1. Luke Skywalker VS. Vader – Episode V: The Empire Strikes Back (1980)
As you might have expected, the final battle of Empire is the greatest lightsaber battle in Star Wars history and is the definitive turning point in the entire series. Pitch-black in tone and breath-taking in execution, this fight scene melds spectacle, emotion, effects, choreography and character development into a dramatic package that fundamentally changes the two characters involved (and their dynamic) in an irrevocable fashion. Everything about this sequence works. The initial stand-off in the Carbon Freezing Chamber is so artfully done, particularly the way in which cinematographer Peter Suschitzky created the iconic silhouette images of Luke and Vader. Also, the violence depicted in the sequence is truly the most disturbing ever captured in the series – such as the mute-apathy Vader has when he Force-throws a myriad of objects at a besieged Luke and the drunken frenzy-like fashion that Vader attacks with when the battle moves out onto the platform.
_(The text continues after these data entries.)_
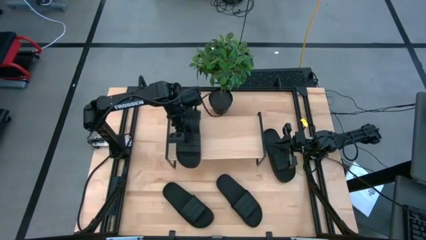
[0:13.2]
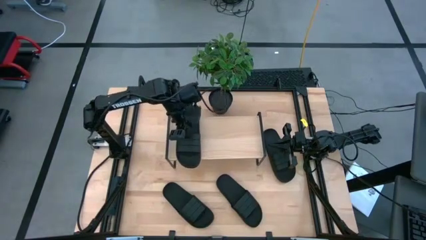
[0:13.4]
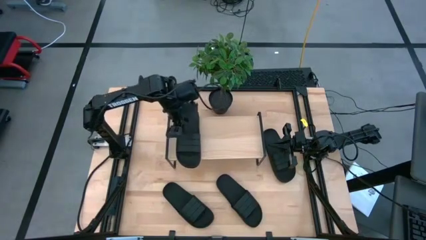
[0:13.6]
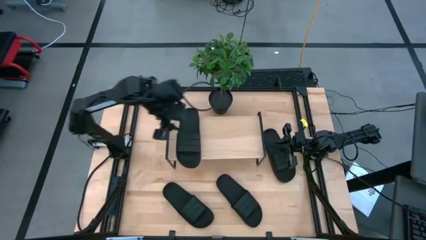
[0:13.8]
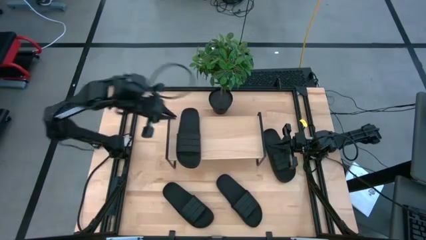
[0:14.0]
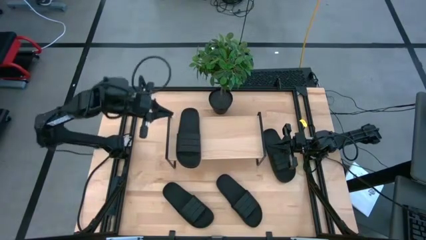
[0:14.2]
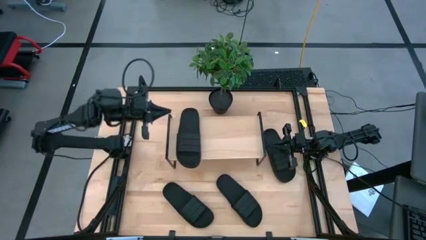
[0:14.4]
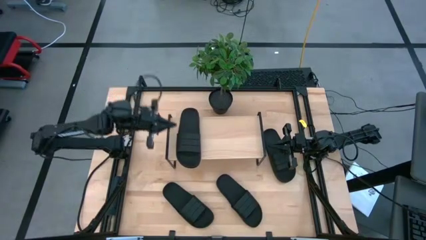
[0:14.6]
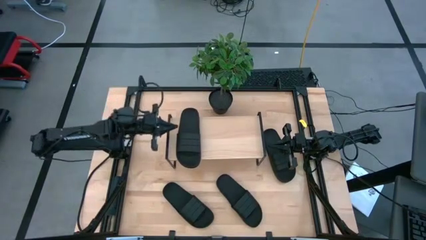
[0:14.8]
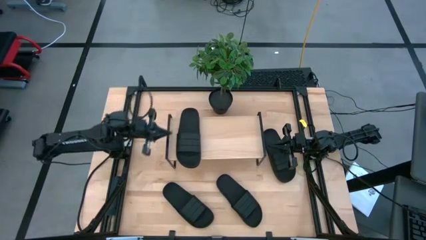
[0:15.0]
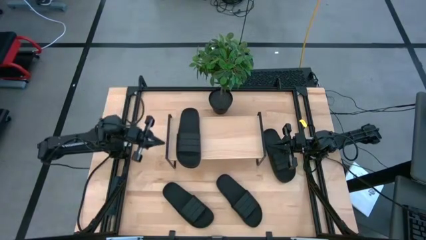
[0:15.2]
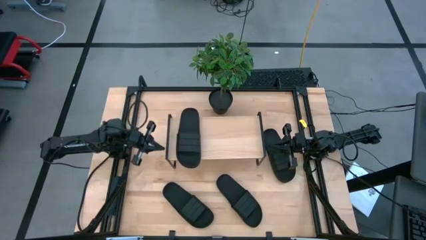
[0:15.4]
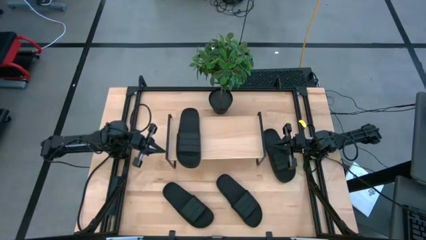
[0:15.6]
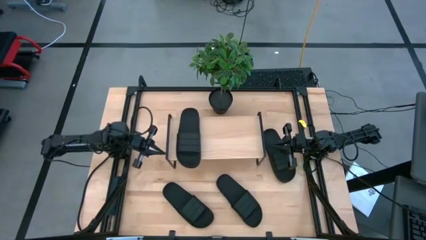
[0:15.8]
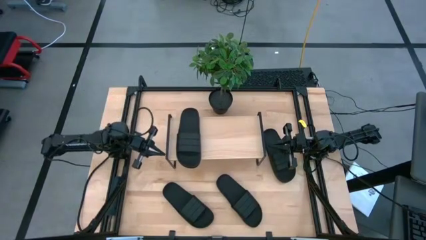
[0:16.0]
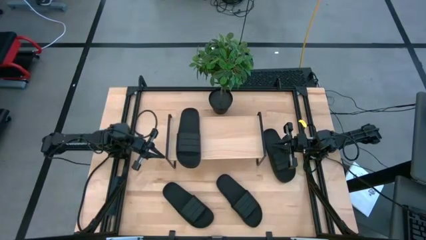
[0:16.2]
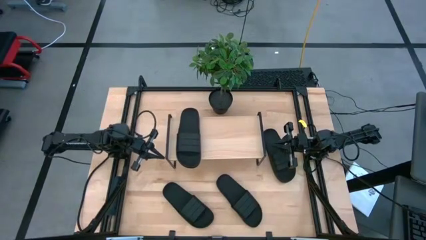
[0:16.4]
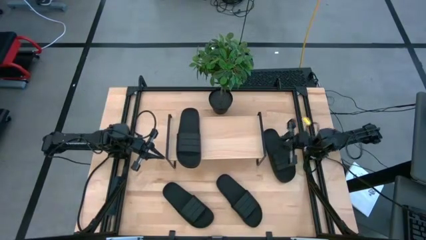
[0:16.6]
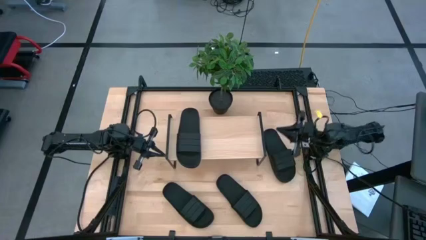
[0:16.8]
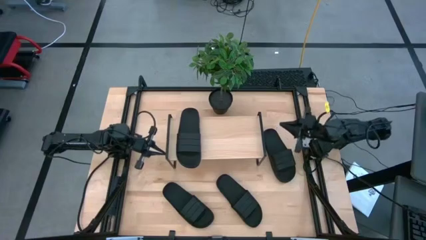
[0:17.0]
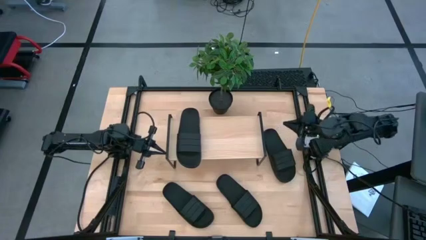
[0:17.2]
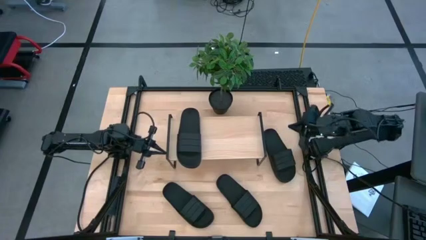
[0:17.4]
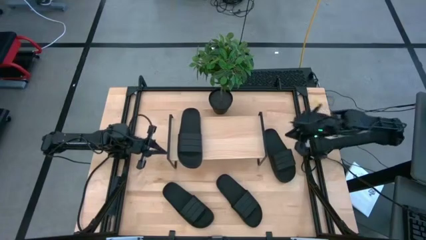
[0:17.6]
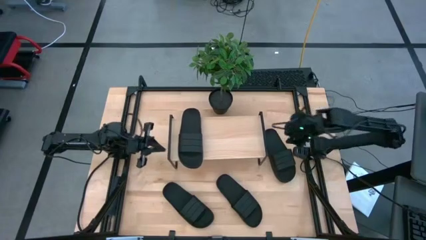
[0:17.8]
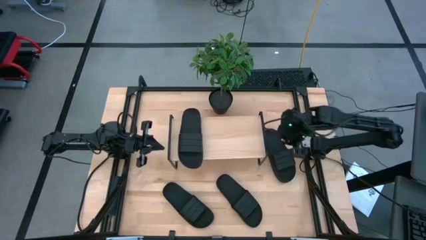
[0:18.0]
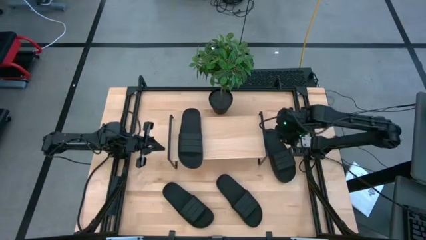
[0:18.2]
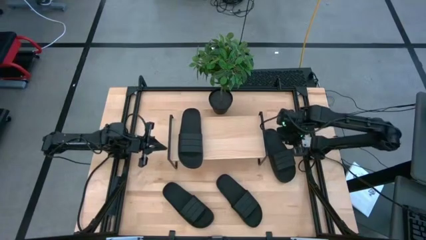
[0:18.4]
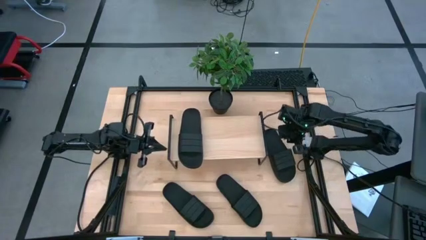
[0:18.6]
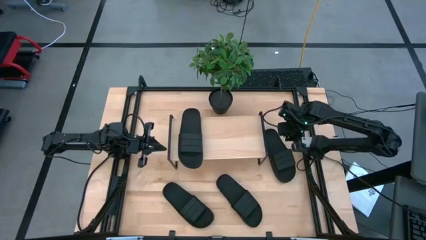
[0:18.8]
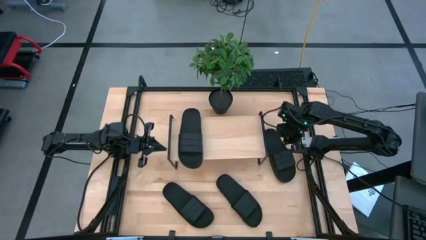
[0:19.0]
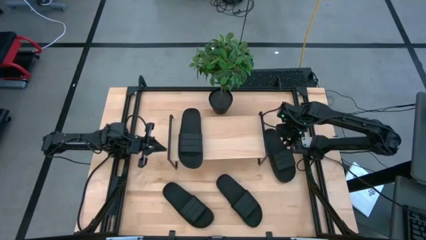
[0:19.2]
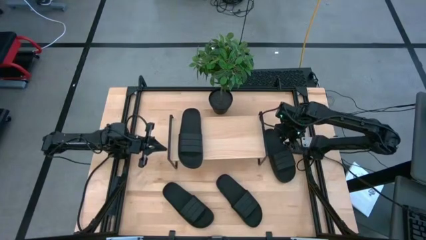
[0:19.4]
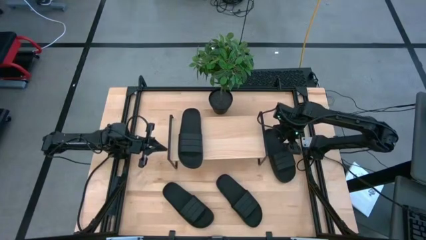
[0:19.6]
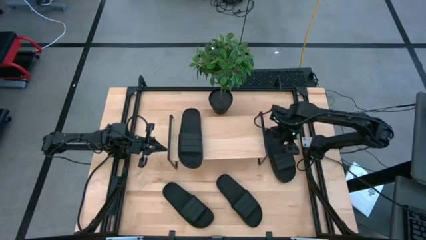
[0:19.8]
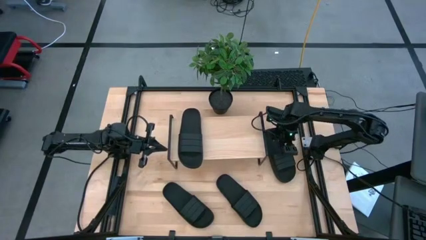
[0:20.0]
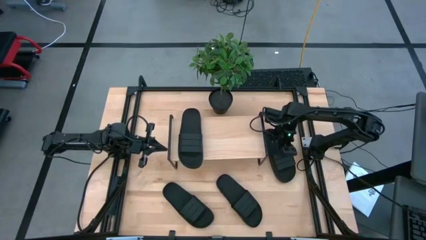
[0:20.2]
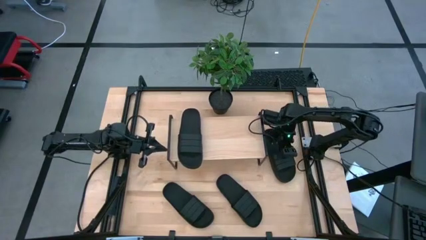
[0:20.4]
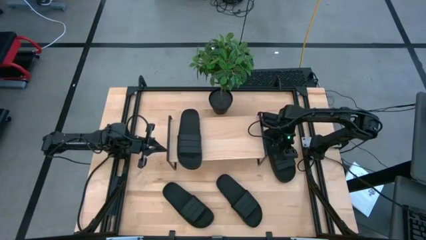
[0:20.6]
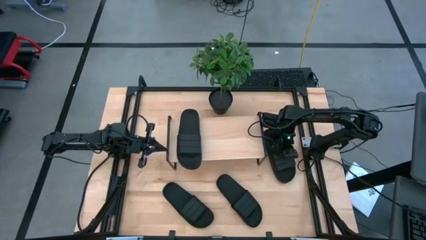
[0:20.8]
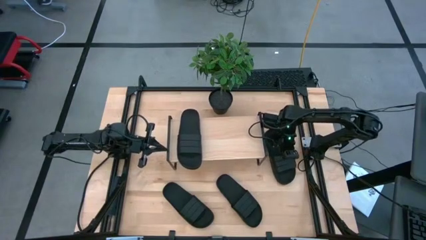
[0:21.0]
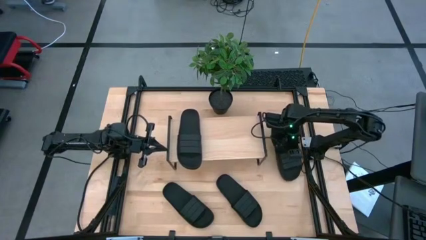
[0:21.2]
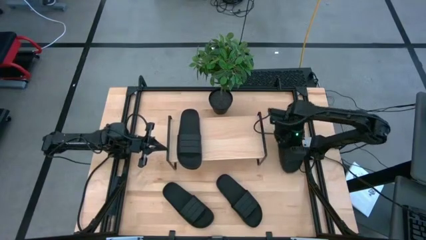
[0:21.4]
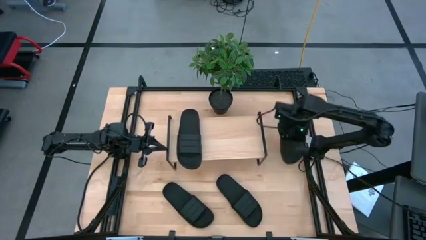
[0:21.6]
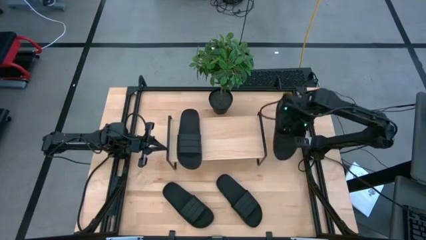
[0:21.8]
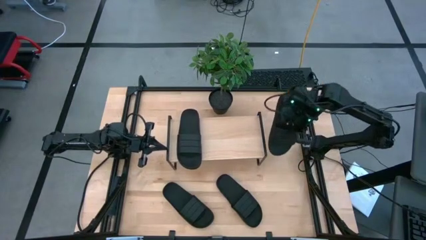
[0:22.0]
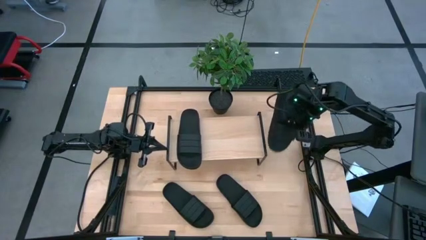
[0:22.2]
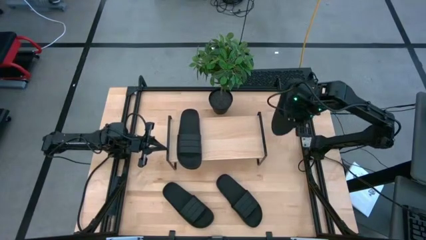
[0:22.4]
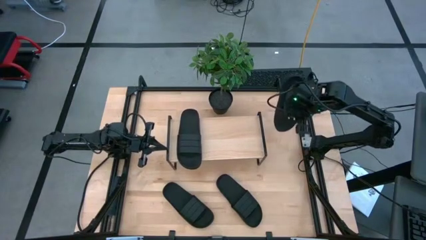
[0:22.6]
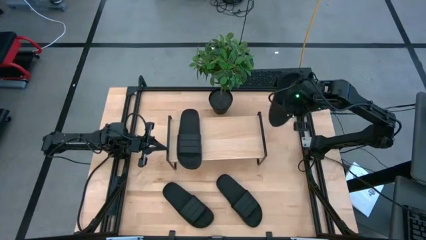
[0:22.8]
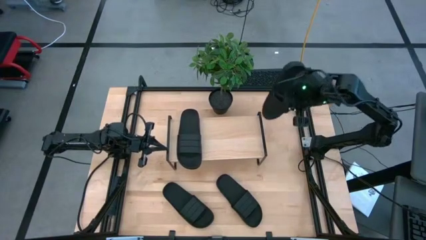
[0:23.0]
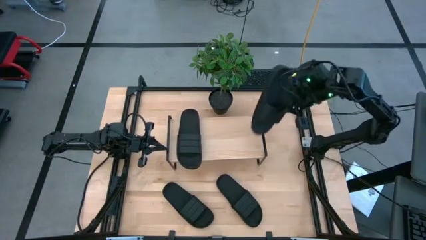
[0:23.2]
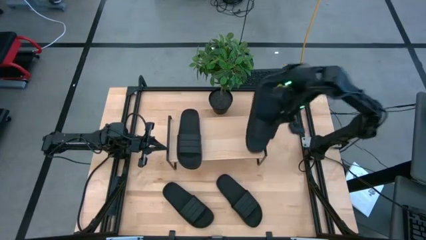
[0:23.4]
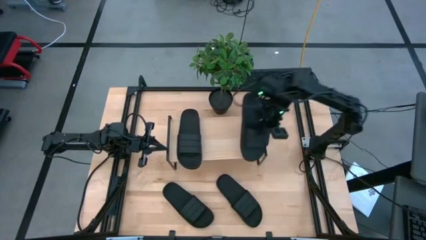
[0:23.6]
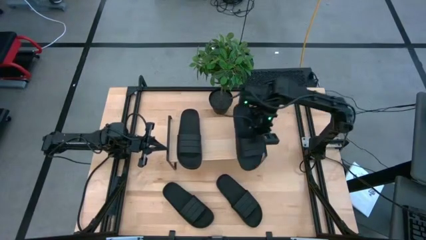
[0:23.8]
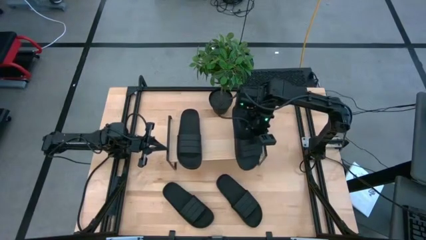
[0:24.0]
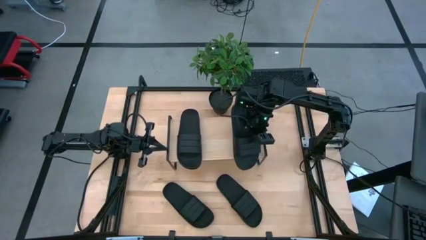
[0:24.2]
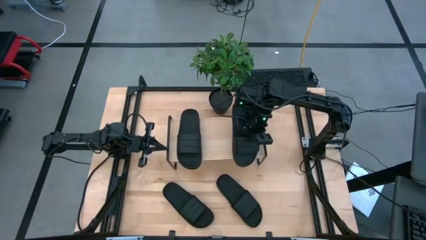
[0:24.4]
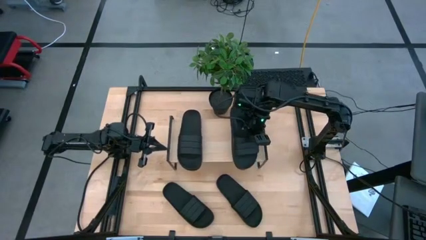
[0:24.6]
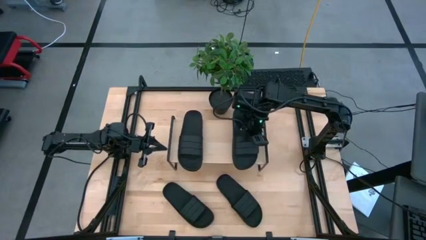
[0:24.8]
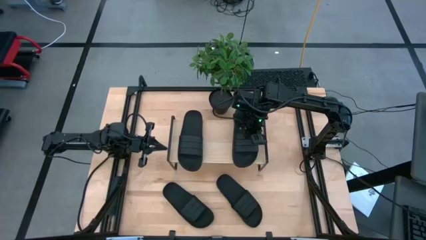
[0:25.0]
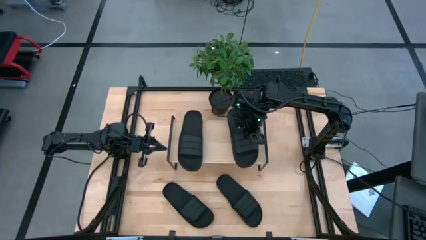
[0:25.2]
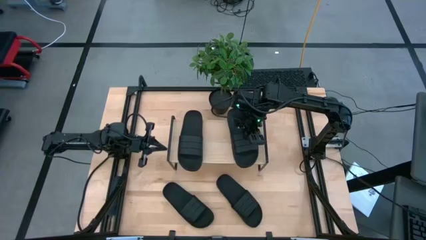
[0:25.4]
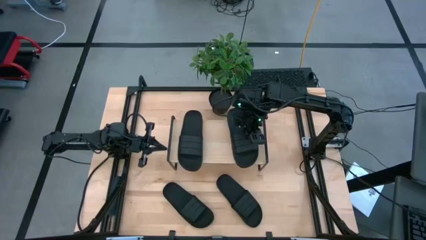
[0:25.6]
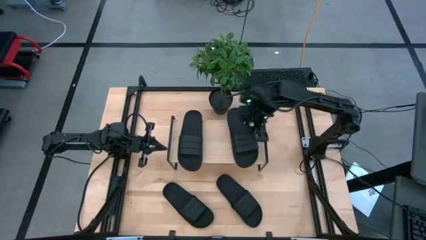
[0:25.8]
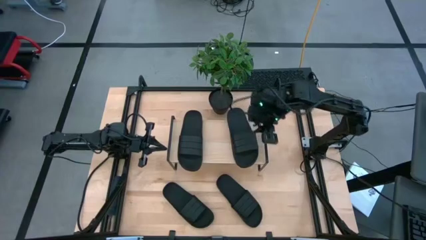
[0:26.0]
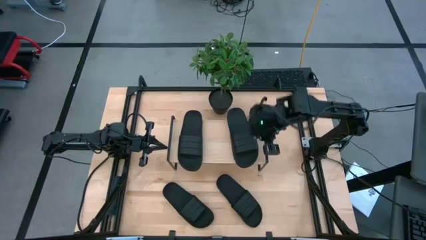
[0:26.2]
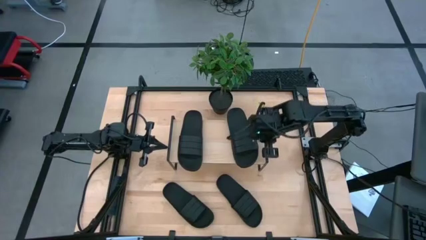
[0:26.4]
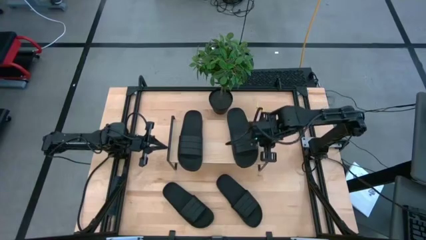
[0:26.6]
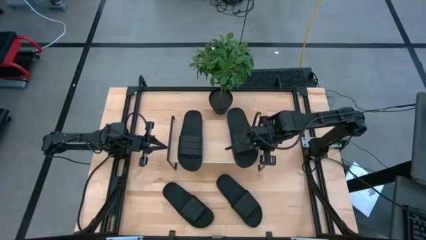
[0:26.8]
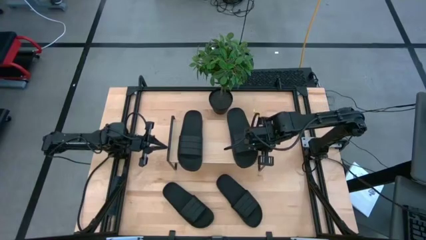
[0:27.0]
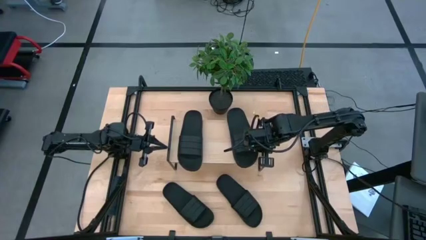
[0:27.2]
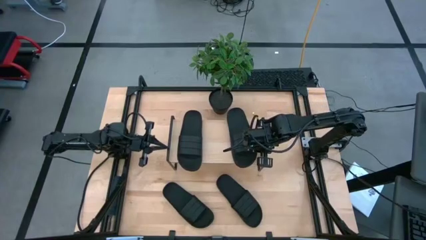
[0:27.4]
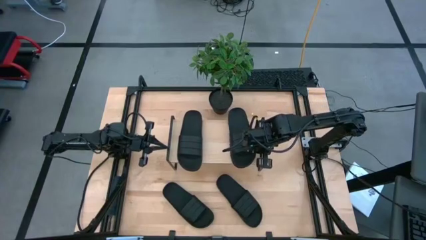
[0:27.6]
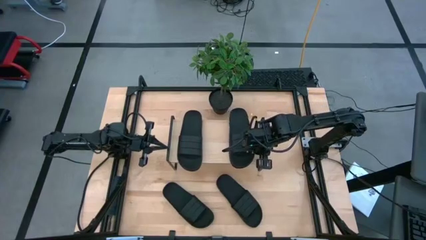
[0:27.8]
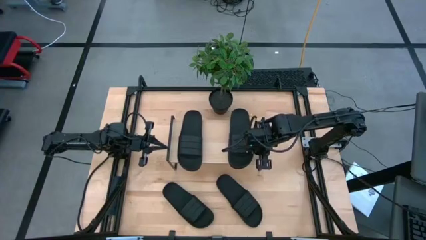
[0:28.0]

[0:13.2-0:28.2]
Task: Pick and place slides into the shelf
Put the right black slide on the shelf

This fight scene is another great example of how the original trilogy differs from the prequels. As opposed to the more recent Star Wars movies, fight scenes like the one found in Empire show violence as actually having consequences and being able to affect the overall scope of the story. They are not arbitrary or supplemental, but critical scenes where slowly established conflicts are confronted, thematic currents are explored and characters must face an external and internal reckoning.